The New York Times (April 4, 1922) said, "Houdini fighing the rapids of what is said to be and certainl looks like Niagara River, Houdini climbing the outside wall of a building, Houdini releasing himself fom binding cords and sheets, hHoudini struggling with another man on the edge of a precipice - such things provide what interesting stuff there is in 'The Man From Beyond' . . . IT is a stunt picture, but the trouble is it is not all stunts. It tries to be a dramatic composition and doesn't succeed."

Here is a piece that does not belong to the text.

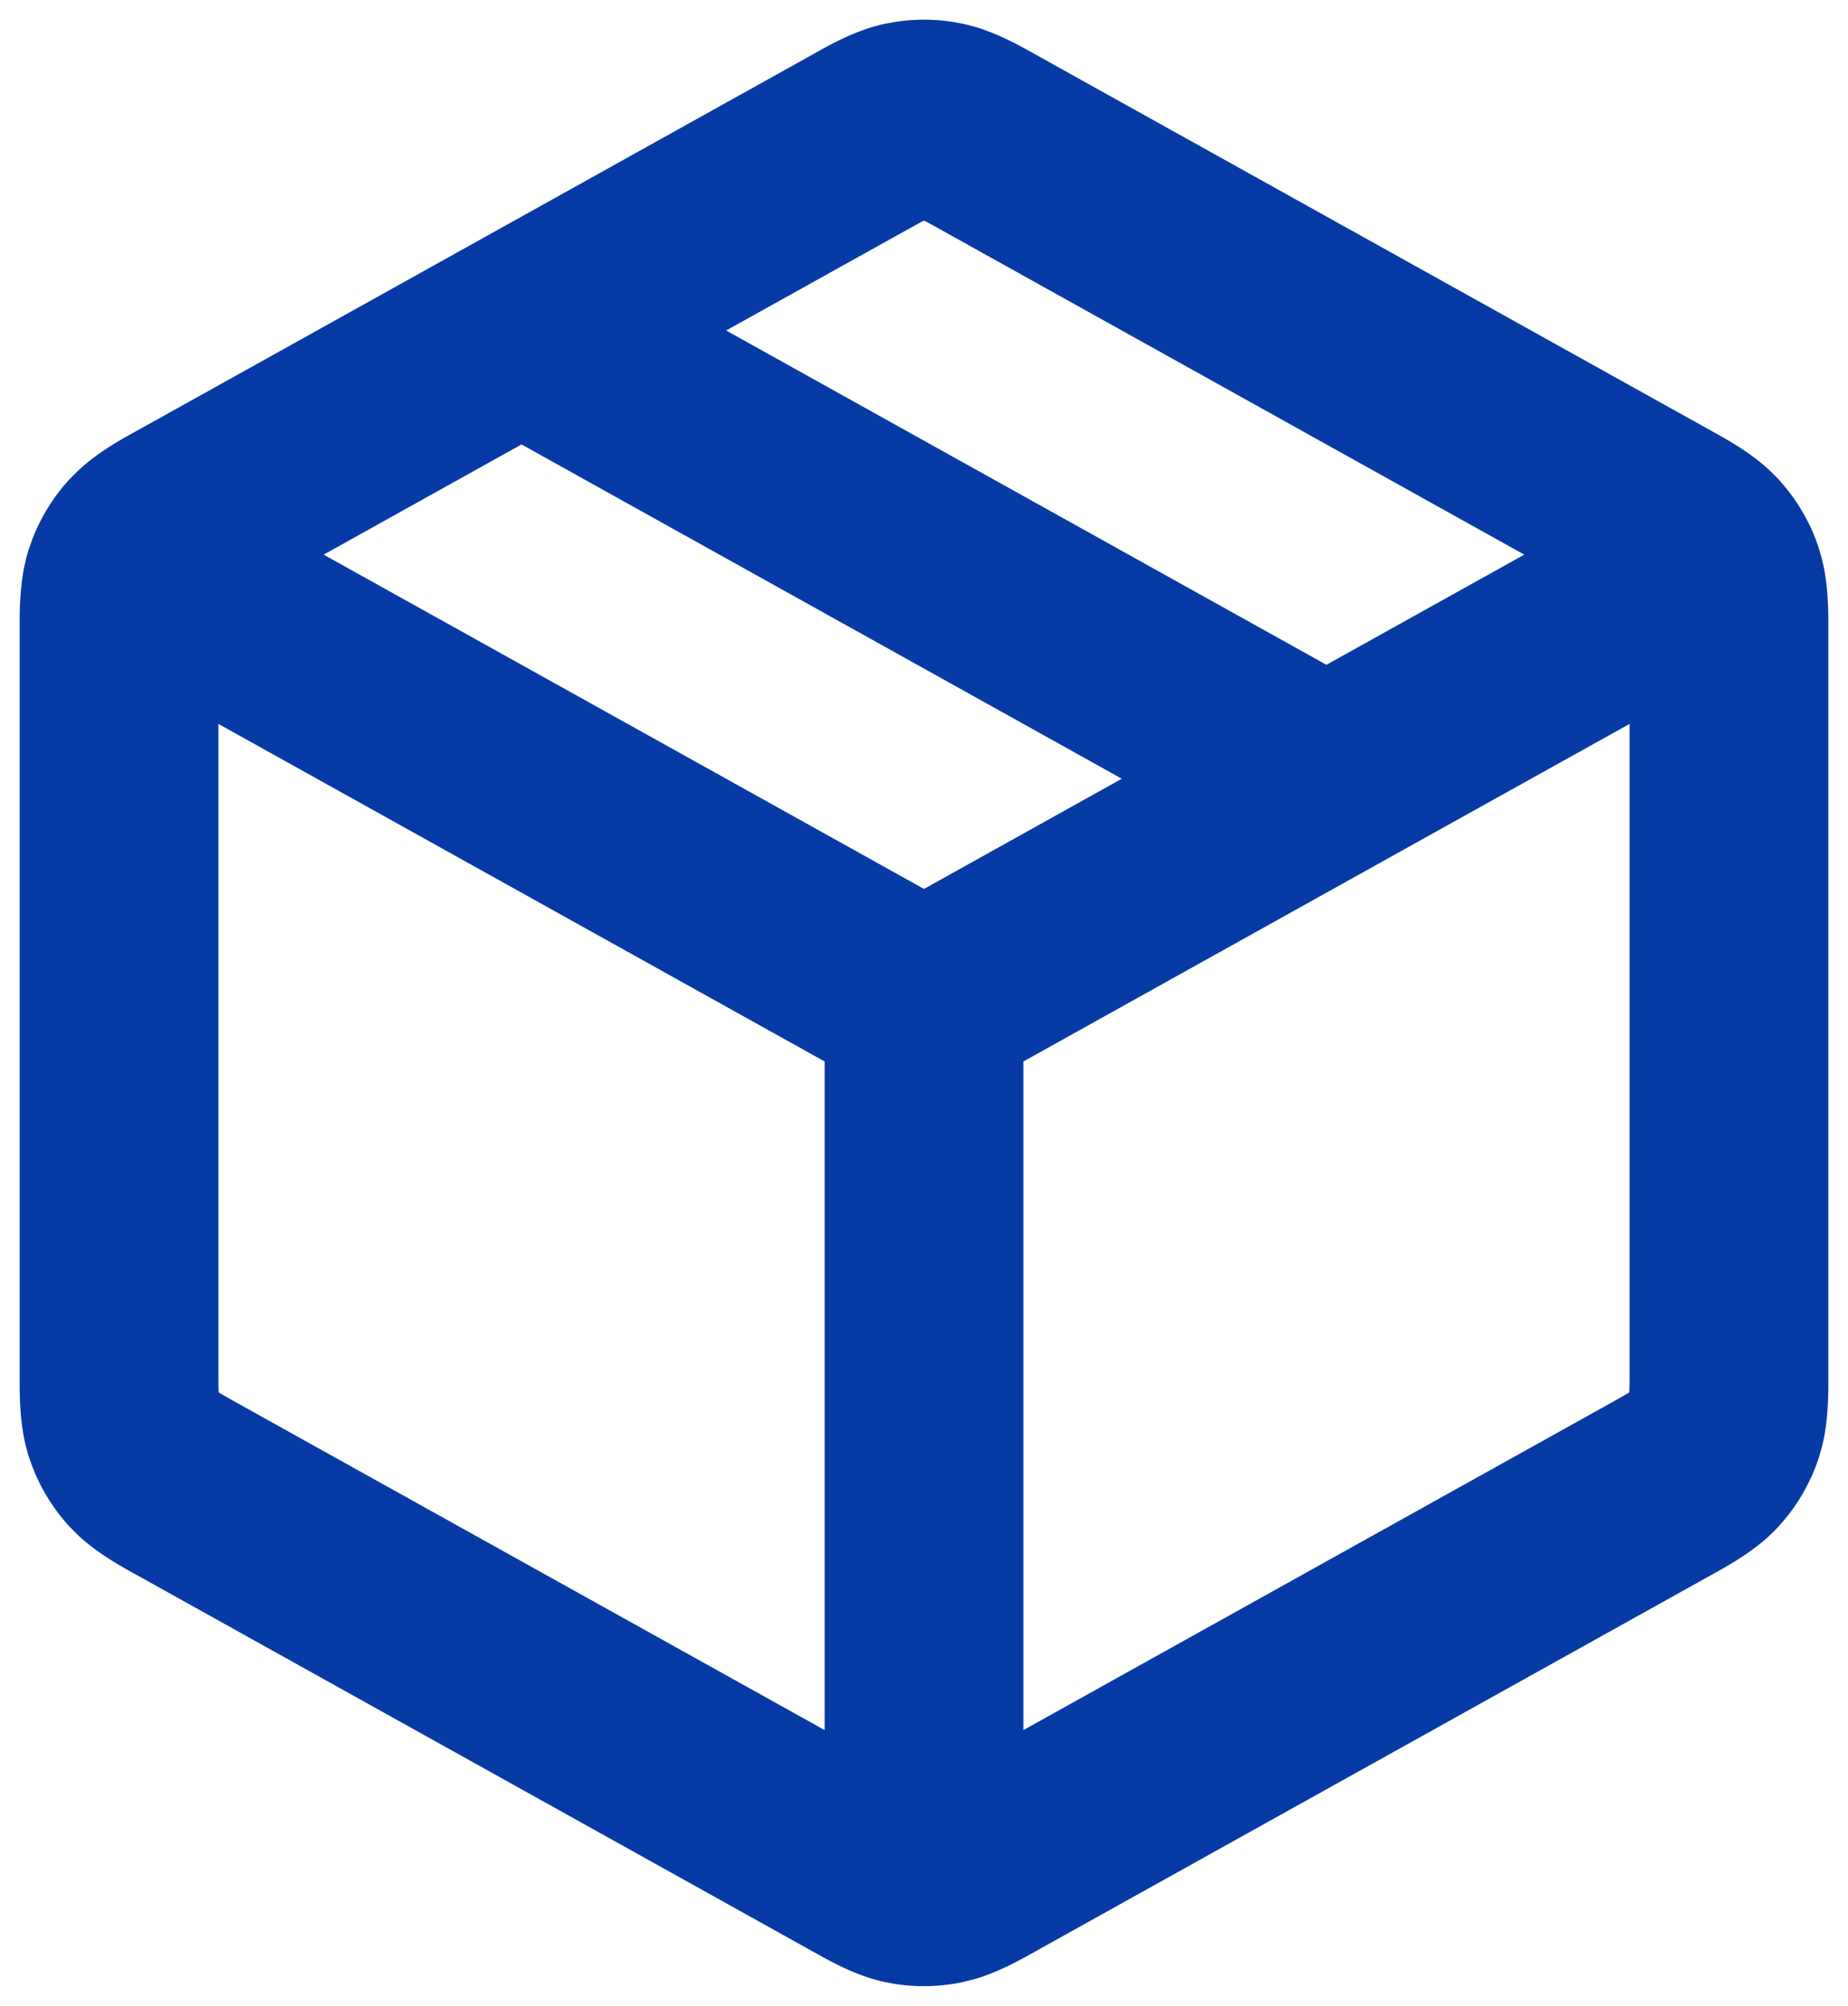 <svg xmlns="http://www.w3.org/2000/svg" width="47" height="51" fill="none" viewBox="0 0 47 51"><path fill="#063BA5" fill-rule="evenodd" d="M22.772.556a4.8 4.8 0 0 1 1.456 0l.24.043.299.074c.687.198 1.29.557 1.729.802l17.27 9.614c.392.223.84.5 1.234.864l.23.23.167.193c.326.395.588.839.774 1.316l.086.242.089.313c.126.522.15 1.049.154 1.5v19.506c-.004.452-.028.979-.154 1.5l-.089.313a4.8 4.8 0 0 1-.86 1.559l-.168.193c-.442.48-.993.826-1.464 1.093l-17.27 9.615c-.439.244-1.041.603-1.728.8l-.3.075a4.8 4.8 0 0 1-1.695.044l-.24-.044c-.608-.125-1.162-.399-1.613-.645L3.672 40.154c-.463-.258-1.12-.597-1.672-1.107l-.23-.23a4.8 4.8 0 0 1-.941-1.51l-.086-.24C.538 36.445.504 35.794.5 35.252V15.747c.004-.542.038-1.193.243-1.813l.086-.242a4.8 4.8 0 0 1 .942-1.51L2 11.954c.551-.51 1.209-.85 1.672-1.107l16.833-9.371.414-.232C21.37.997 21.924.724 22.532.6zM5.555 34.75c0 .2 0 .355.002.489q.001.096.004.163.058.035.141.084c.116.067.25.142.425.239l14.846 8.264v-17L5.555 18.406zm29.424-12.746-.033.019-8.918 4.966v17l14.845-8.264.425-.239q.083-.048.14-.084l.005-.163c.002-.134.002-.29.002-.489V18.406zM8.232 14.102l15.268 8.5 5.031-2.802-15.267-8.5zM23.364 5.68l-.404.223-4.492 2.5 15.267 8.5 5.032-2.801L24.04 5.903c-.165-.092-.293-.163-.404-.223q-.08-.044-.136-.072z" clip-rule="evenodd"/></svg>

Harrison's Reports (April 15, 1922) boldly claimed the picture to be a winner. "A truly remarkable picture and one that is a genuine 'thriller;' it is entirely different from any production heretofore attempted. . . Mr. Houdini is so well-known as a matchless public entertainer that his picture, fascinating because of its uncanny, supernatural atmosphere, should give one hundred per cent satisfaction wherever it is shown."

No charisma, lackluster

Houdini simply fails to satisfy as a dashing hero. The 48-year old escape artist had the reputation to draw audiences, and no doubt there was the appeal of seeing the great artist perform his amazing stunts especially to those who could not see him in person. Although he does a competent job, the screen charisma is not there.

Pat Connelly, a virtual unknown, plays Felice. She appeared in only one other film - Buster Keaton's "Sherlock, Jr." (1924). She, too, provides a rather lackluster portrayal. Her indignation when Dr. Trent questions her relationship to Howard Hilliard at the wedding lacks emotion. Not much more can be said for her scenes with Houdini. It is interesting that she was the wife of Erwin Connelly who plays her uncle, Dr. Gregory Sinclair, in the film. The two had appeared in vaudeville together, and he was with her in both her films appearances, as well. There is little information on her other than she died after a nervous breakdown in 1925 at age 42. Erwin Connelly can be seen in three Keaton features from the early twenties, Pickford's "Kiki" (1926), Valentino's "The Son of the Sheik" (1926), "The Winning of Barbara Worth" (1926) with Ronald Colman and Vilma Banky and several other films. A charming portrayal as Bessie Love's father in the minor comedy "Rubber Tires" (1927) indicates he had a real knack for subtle comedy. He died in 1931 at age 52.

By the way, the forever intriguing Nita Naldi plays the role of the seductress Marie Le Grande (what a name!) and, although brief, meets the requirements of the part to perfection - as always.

The DVD version reviewed here was released by Kino International and provides a good quality picture with occasional minor scratches and an excellent piano score by Jon Mirsalis. The story is hokum, and the acting of the leads is lacking, but it is, after all, the great Houdini, and the stunts - particularly the Niagara falls rescue - are exciting. No, it's not great art, but it IS great fun!

On a side note:
On the day the movie was to premiere at the Times Square Theatre in New York, someone realized that the Houdini Motion Picture Company had not received a license from the Motion Picture Commission which was required in New York state. A desperate letter signed by Houdini himself, noted that thousands of dollars had been spent in advertising, attendance was by invitation only, and no admission would be charged. This seemed to satisfy the Commission, and that one evening's screening was approved. Also, originally seven reels, the film was edited down from seven reels to six reels before release (although in contradiction to this, Variety review referred to it as a "five-reeler.")

Author John Baxter in Stunt: The Story of the Great Movie Stuntmen (Doubleday & Company, Inc., 1974), said for the filming of the Niagara rescue, which took place in May, 1921, "director Burton King built a leather harness sliding on a cable that let Houdini swim through the foaming water with ease."

The snow scenes were shot at Lake Placid.